## Data shown
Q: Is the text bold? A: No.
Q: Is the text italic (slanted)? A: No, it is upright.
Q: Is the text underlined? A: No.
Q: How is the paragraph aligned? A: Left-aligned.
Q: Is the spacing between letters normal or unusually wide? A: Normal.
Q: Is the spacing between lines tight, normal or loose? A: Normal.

--

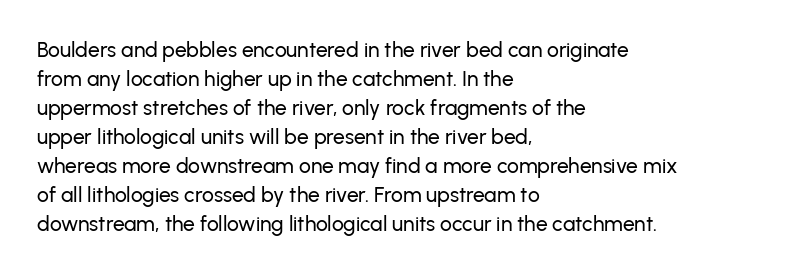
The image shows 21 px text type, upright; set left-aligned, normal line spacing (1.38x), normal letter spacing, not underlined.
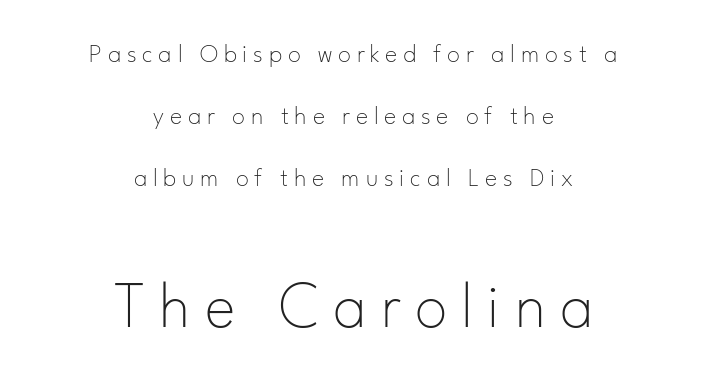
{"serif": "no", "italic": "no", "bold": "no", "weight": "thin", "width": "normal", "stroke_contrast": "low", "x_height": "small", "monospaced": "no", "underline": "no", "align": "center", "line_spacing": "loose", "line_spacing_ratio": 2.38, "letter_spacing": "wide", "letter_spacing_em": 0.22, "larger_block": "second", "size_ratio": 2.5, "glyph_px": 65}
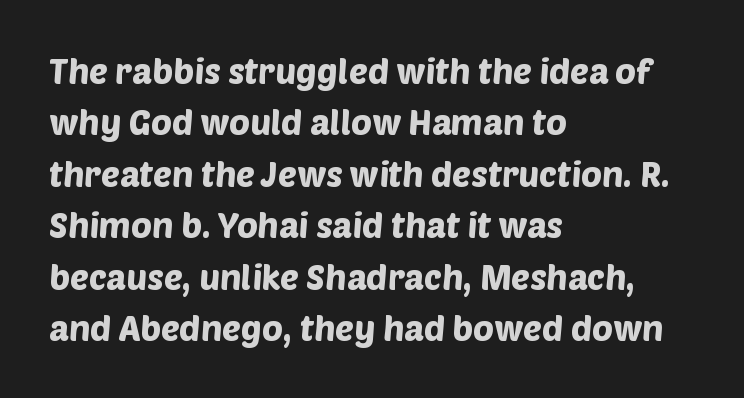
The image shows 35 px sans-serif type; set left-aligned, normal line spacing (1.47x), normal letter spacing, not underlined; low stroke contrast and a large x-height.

## Problem to solve
Only the number should be given: how many lines in the data contain the string "image".

## Reply to the exercise
2